* Listed records
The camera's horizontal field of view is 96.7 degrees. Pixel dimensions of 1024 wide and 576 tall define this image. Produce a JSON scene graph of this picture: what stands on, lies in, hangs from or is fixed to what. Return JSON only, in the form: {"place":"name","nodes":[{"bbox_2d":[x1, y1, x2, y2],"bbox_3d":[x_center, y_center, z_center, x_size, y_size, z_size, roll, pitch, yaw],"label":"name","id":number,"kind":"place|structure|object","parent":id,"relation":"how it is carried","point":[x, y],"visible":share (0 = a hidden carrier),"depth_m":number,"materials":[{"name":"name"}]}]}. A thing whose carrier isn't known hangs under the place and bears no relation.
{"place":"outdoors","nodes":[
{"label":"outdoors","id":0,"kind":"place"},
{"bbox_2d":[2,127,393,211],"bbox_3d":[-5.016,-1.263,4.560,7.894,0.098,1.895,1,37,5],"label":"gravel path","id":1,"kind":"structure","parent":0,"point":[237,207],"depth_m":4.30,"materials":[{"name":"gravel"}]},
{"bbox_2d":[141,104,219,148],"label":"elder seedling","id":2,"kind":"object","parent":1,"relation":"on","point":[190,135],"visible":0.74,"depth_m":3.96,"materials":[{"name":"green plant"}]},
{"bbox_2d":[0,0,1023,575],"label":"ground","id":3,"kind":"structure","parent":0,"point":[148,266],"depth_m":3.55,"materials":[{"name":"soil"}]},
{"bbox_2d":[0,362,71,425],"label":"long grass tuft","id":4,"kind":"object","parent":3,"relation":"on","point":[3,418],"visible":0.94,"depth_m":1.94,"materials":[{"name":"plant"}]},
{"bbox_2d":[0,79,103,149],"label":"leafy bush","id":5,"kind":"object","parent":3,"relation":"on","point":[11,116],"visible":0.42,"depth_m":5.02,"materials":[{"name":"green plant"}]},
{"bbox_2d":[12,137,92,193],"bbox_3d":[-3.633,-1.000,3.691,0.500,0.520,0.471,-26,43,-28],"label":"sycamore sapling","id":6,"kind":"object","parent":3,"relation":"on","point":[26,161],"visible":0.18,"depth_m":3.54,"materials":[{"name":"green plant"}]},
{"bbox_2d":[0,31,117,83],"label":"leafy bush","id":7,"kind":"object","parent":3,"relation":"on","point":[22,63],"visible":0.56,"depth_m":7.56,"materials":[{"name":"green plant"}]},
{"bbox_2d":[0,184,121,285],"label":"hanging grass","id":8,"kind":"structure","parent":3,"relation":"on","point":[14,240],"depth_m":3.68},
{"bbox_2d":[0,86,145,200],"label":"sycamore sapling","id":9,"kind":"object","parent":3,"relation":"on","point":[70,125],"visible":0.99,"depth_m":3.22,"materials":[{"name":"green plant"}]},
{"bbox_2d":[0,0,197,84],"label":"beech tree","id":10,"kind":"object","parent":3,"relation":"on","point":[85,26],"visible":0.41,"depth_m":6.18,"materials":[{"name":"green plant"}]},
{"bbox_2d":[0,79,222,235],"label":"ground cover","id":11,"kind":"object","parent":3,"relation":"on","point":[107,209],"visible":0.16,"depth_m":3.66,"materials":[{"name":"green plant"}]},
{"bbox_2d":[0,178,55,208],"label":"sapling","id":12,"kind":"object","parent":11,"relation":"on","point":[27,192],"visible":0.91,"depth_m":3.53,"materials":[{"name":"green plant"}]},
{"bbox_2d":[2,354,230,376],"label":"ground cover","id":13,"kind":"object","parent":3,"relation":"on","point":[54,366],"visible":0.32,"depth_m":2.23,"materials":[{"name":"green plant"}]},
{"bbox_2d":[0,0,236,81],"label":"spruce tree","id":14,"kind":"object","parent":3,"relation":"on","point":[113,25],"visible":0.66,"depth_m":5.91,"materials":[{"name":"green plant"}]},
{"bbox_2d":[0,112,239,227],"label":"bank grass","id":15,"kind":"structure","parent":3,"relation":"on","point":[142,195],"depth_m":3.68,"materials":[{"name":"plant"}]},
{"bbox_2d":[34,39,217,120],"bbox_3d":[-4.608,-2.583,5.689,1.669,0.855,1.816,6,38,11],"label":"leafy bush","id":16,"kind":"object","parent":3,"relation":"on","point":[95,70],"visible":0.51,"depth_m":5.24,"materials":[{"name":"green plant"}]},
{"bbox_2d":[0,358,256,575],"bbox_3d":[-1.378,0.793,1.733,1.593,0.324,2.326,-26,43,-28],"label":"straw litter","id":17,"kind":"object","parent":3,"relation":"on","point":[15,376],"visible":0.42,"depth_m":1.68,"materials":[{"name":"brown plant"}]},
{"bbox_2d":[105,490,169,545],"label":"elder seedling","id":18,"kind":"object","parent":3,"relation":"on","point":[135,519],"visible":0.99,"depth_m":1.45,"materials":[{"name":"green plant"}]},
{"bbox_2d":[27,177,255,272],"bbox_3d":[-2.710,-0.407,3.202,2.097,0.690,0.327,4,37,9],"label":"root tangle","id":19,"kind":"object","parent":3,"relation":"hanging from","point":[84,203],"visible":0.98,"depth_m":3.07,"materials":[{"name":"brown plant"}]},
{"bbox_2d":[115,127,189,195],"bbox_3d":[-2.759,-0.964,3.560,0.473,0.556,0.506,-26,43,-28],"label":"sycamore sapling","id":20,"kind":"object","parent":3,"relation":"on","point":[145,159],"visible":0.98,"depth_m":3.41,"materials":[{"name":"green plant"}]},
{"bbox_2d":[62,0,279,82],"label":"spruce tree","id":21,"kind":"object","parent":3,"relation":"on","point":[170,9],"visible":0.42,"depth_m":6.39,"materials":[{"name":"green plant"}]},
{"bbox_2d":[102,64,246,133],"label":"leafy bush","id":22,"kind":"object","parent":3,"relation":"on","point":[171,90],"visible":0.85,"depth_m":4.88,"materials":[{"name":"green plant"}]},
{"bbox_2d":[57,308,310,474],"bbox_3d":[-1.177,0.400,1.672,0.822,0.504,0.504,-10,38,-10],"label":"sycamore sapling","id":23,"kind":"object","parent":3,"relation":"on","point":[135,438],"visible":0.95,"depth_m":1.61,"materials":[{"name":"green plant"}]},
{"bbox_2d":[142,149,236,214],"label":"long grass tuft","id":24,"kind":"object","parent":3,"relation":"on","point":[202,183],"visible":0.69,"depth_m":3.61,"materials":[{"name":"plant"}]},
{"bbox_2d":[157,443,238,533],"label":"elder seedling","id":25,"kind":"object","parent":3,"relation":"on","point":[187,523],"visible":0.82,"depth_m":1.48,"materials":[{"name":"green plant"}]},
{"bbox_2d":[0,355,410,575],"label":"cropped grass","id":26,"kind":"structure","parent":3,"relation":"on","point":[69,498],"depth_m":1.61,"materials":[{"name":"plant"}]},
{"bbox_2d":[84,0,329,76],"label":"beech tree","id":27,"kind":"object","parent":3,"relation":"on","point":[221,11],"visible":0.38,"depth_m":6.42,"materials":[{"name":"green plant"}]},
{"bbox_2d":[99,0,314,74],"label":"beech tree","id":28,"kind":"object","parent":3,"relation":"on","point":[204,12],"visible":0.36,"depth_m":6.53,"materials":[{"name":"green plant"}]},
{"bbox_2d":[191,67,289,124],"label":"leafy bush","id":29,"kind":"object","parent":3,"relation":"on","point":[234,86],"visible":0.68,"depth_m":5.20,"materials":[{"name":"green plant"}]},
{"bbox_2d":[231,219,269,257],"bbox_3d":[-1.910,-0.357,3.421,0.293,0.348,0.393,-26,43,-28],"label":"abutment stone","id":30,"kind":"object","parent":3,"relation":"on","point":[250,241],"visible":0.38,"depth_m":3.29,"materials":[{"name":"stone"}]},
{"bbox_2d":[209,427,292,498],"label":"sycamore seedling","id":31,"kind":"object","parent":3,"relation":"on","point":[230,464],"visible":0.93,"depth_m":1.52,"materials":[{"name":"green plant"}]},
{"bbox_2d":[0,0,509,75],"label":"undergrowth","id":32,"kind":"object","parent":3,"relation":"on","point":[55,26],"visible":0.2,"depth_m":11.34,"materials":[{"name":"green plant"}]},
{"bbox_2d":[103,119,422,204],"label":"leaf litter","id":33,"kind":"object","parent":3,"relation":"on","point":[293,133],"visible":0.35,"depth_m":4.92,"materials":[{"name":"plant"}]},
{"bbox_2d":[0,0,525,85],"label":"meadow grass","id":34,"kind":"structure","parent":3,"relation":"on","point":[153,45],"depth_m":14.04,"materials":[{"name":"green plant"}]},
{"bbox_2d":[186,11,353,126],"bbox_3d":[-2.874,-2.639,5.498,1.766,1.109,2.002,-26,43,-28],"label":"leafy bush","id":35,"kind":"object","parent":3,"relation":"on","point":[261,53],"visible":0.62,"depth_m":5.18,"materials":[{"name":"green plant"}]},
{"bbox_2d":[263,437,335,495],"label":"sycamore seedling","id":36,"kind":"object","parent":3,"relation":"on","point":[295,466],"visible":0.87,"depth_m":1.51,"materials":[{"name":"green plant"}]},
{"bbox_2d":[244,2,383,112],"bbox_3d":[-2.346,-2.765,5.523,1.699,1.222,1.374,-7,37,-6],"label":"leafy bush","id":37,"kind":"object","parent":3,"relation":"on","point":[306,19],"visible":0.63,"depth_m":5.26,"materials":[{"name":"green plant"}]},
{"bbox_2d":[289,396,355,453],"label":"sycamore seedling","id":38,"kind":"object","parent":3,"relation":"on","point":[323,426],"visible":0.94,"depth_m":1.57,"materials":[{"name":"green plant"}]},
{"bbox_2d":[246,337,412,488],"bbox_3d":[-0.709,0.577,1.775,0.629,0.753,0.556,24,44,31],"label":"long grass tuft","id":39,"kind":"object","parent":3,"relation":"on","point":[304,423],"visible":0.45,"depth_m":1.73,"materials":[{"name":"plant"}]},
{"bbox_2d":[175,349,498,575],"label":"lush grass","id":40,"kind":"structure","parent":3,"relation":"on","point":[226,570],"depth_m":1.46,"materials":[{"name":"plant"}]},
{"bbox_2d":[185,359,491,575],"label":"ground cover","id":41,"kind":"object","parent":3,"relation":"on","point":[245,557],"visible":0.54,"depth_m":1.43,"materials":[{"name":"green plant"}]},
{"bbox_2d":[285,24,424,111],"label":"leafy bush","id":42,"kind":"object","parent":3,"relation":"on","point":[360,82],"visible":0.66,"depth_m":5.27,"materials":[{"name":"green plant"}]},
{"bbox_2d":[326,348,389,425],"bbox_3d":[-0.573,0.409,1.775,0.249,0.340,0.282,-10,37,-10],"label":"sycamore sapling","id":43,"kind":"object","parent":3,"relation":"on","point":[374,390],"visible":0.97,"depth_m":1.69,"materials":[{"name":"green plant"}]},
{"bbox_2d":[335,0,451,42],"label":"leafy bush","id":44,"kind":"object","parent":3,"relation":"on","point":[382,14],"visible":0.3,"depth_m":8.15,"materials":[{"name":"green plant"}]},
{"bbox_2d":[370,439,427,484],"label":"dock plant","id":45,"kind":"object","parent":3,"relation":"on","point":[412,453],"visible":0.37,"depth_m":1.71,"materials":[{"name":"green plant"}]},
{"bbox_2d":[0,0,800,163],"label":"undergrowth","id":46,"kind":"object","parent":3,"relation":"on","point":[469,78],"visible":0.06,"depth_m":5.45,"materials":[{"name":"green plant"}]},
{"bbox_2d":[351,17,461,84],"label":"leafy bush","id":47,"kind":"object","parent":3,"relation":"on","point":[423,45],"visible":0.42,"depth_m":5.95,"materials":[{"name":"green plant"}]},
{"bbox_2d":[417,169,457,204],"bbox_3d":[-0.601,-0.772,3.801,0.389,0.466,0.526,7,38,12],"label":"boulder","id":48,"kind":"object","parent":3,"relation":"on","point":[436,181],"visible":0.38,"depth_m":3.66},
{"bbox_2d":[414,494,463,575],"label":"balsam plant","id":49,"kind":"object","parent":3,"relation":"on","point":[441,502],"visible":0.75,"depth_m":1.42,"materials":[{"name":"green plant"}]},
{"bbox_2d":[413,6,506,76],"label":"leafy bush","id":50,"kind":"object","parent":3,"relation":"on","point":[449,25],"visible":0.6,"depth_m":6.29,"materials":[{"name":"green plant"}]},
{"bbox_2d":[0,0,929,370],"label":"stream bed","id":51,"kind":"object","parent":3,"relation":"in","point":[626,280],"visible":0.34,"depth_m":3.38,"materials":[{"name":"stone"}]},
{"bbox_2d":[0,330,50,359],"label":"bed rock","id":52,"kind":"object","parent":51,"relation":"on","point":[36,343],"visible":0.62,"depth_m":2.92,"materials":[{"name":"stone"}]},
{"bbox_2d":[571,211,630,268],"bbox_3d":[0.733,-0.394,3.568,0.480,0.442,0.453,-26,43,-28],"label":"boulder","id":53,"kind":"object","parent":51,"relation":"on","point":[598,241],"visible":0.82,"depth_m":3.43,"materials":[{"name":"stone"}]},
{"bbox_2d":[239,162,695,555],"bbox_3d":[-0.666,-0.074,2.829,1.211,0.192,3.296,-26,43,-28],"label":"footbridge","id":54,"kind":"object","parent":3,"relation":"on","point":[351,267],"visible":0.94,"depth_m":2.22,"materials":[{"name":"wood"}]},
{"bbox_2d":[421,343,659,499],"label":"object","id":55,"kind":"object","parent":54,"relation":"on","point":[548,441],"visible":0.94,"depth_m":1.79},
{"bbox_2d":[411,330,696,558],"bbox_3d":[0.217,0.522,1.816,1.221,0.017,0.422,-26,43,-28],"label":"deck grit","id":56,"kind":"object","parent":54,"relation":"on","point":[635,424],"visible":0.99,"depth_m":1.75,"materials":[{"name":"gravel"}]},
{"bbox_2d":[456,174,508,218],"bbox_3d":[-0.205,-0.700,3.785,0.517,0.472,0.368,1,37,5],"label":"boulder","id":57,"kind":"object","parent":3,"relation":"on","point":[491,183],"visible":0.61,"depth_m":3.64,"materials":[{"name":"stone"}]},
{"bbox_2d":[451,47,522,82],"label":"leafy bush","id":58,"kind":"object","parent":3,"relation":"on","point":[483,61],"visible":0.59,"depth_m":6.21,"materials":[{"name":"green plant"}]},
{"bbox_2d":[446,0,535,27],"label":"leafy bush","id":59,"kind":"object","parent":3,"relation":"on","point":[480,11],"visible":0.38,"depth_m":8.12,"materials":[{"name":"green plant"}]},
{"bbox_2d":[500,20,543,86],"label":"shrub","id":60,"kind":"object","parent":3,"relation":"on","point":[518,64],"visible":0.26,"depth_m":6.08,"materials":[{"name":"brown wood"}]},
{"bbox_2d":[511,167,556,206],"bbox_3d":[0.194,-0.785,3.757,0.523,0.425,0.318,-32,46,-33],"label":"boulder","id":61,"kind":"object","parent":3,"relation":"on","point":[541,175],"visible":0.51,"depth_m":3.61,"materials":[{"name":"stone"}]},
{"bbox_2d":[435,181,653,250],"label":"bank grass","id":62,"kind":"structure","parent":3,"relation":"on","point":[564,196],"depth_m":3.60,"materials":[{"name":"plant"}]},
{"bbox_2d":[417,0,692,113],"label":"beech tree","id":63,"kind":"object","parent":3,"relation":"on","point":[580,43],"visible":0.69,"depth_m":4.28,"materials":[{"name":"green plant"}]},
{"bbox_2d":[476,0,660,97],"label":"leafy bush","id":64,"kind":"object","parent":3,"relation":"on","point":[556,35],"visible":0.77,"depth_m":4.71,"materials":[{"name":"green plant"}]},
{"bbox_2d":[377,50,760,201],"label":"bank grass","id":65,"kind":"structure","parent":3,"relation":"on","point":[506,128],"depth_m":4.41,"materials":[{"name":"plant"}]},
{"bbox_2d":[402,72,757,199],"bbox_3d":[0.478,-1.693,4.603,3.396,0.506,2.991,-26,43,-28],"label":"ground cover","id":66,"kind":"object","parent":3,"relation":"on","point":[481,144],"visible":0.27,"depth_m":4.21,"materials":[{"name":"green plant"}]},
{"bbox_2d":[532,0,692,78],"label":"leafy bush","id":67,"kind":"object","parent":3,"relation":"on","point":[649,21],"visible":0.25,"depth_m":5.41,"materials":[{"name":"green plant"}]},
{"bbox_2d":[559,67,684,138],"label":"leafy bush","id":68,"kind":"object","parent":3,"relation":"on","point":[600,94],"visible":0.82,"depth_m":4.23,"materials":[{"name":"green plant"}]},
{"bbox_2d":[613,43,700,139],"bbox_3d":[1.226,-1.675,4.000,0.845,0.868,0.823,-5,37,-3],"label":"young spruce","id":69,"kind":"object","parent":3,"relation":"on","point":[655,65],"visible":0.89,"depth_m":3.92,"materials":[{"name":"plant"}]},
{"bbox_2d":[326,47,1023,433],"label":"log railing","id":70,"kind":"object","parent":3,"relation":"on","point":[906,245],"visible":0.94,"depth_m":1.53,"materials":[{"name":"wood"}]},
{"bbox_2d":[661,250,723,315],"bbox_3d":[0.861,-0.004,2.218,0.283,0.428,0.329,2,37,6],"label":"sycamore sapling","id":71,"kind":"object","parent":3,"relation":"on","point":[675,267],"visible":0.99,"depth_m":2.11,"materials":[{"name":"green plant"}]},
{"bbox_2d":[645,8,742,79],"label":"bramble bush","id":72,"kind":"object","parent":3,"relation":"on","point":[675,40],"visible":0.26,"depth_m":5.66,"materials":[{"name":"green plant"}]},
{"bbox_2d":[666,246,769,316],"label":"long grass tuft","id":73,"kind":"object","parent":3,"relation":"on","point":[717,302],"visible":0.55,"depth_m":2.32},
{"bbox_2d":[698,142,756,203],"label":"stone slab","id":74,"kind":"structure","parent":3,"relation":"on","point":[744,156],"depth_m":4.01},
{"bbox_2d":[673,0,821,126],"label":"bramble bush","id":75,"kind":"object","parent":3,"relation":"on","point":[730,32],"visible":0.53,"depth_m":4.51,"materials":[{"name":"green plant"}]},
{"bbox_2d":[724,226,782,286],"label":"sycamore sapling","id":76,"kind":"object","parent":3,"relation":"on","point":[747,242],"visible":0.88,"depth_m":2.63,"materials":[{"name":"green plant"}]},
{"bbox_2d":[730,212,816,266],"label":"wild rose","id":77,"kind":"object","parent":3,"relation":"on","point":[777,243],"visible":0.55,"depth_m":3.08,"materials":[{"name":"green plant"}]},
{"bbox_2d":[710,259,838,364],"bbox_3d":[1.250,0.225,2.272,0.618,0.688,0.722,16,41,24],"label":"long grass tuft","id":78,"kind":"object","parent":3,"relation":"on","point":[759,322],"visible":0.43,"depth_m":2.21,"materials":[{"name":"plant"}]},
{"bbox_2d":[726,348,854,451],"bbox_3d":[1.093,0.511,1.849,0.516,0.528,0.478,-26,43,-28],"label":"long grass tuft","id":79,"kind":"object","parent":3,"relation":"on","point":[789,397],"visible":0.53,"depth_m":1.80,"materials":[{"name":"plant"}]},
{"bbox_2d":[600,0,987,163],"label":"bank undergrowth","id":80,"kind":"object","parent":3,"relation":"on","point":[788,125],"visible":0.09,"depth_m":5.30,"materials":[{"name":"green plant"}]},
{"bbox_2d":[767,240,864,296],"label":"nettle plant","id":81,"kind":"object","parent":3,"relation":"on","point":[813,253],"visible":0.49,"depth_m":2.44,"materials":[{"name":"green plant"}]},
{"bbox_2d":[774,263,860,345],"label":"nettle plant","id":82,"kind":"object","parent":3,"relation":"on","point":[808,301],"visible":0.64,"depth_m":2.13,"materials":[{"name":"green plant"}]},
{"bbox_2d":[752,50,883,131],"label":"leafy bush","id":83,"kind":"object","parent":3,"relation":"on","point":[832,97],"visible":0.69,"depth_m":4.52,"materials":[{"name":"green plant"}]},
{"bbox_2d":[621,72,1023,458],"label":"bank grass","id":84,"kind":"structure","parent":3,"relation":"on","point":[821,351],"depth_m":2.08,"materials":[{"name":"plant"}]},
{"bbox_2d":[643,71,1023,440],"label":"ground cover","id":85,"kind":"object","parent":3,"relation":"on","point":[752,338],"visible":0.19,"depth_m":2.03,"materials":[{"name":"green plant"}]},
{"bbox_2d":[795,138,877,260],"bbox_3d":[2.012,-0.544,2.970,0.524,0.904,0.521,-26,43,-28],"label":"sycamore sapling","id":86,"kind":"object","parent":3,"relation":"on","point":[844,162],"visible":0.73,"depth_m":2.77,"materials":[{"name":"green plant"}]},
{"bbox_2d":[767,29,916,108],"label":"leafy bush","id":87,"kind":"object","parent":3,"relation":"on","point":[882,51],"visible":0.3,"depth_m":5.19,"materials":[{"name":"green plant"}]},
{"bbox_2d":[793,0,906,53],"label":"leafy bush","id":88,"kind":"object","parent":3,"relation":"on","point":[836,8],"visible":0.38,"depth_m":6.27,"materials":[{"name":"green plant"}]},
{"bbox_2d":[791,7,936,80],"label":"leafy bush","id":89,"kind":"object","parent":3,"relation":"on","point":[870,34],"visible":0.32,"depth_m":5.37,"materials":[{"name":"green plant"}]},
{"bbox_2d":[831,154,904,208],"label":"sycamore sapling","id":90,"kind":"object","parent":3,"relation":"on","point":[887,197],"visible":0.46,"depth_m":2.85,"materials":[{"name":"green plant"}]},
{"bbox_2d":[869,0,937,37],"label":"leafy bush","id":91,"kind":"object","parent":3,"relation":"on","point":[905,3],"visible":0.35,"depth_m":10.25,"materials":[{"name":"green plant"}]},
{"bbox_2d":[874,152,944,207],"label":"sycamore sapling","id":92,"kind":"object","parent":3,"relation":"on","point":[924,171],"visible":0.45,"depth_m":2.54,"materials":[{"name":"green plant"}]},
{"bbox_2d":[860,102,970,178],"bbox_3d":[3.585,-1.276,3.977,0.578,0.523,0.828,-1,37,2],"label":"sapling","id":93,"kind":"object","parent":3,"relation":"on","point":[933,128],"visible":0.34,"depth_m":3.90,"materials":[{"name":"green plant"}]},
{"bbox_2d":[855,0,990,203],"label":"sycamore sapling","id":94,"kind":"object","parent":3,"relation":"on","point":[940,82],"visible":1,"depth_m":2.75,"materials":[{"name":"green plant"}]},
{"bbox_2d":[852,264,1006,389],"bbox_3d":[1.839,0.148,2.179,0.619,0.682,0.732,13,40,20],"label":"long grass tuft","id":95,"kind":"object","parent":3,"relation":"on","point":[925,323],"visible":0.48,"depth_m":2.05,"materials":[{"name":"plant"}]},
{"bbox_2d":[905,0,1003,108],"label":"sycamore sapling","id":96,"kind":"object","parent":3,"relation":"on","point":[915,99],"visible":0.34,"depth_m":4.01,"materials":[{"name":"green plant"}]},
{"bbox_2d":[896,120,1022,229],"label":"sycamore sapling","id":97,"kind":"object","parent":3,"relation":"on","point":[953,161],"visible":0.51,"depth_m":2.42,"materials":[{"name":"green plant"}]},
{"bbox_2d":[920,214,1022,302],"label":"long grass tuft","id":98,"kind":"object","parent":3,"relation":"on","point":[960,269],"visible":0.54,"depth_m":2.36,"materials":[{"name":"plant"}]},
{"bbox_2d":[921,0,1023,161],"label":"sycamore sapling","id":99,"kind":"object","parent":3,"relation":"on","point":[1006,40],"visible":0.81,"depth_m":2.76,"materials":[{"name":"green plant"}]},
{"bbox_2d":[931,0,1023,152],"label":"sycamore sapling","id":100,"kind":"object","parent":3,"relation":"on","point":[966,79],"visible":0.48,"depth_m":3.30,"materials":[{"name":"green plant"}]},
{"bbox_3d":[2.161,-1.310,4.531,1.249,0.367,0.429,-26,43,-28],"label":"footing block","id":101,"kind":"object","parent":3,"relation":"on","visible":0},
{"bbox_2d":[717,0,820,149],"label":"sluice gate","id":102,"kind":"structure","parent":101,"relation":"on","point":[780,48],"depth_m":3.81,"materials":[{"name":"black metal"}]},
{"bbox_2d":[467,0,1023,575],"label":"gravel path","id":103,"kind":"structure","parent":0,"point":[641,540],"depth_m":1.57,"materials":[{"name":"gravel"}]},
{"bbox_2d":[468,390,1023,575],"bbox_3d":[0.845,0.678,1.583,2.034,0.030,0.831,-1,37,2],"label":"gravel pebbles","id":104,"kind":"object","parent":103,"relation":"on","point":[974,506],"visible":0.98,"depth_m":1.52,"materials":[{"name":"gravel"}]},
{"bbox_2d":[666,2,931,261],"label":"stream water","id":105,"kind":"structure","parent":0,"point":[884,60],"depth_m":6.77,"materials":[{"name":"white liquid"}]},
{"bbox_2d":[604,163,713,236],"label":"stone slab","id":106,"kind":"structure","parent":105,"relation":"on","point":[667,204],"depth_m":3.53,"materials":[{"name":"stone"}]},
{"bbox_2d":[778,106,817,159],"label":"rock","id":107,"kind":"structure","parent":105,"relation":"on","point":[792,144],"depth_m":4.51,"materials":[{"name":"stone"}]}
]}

* Task item
Where a line contains the word "tuft", copy that line from the listing above.

* Answer
{"bbox_2d":[0,362,71,425],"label":"long grass tuft","id":4,"kind":"object","parent":3,"relation":"on","point":[3,418],"visible":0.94,"depth_m":1.94,"materials":[{"name":"plant"}]},
{"bbox_2d":[142,149,236,214],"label":"long grass tuft","id":24,"kind":"object","parent":3,"relation":"on","point":[202,183],"visible":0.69,"depth_m":3.61,"materials":[{"name":"plant"}]},
{"bbox_2d":[246,337,412,488],"bbox_3d":[-0.709,0.577,1.775,0.629,0.753,0.556,24,44,31],"label":"long grass tuft","id":39,"kind":"object","parent":3,"relation":"on","point":[304,423],"visible":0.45,"depth_m":1.73,"materials":[{"name":"plant"}]},
{"bbox_2d":[666,246,769,316],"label":"long grass tuft","id":73,"kind":"object","parent":3,"relation":"on","point":[717,302],"visible":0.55,"depth_m":2.32},
{"bbox_2d":[710,259,838,364],"bbox_3d":[1.250,0.225,2.272,0.618,0.688,0.722,16,41,24],"label":"long grass tuft","id":78,"kind":"object","parent":3,"relation":"on","point":[759,322],"visible":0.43,"depth_m":2.21,"materials":[{"name":"plant"}]},
{"bbox_2d":[726,348,854,451],"bbox_3d":[1.093,0.511,1.849,0.516,0.528,0.478,-26,43,-28],"label":"long grass tuft","id":79,"kind":"object","parent":3,"relation":"on","point":[789,397],"visible":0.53,"depth_m":1.80,"materials":[{"name":"plant"}]},
{"bbox_2d":[852,264,1006,389],"bbox_3d":[1.839,0.148,2.179,0.619,0.682,0.732,13,40,20],"label":"long grass tuft","id":95,"kind":"object","parent":3,"relation":"on","point":[925,323],"visible":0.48,"depth_m":2.05,"materials":[{"name":"plant"}]},
{"bbox_2d":[920,214,1022,302],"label":"long grass tuft","id":98,"kind":"object","parent":3,"relation":"on","point":[960,269],"visible":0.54,"depth_m":2.36,"materials":[{"name":"plant"}]},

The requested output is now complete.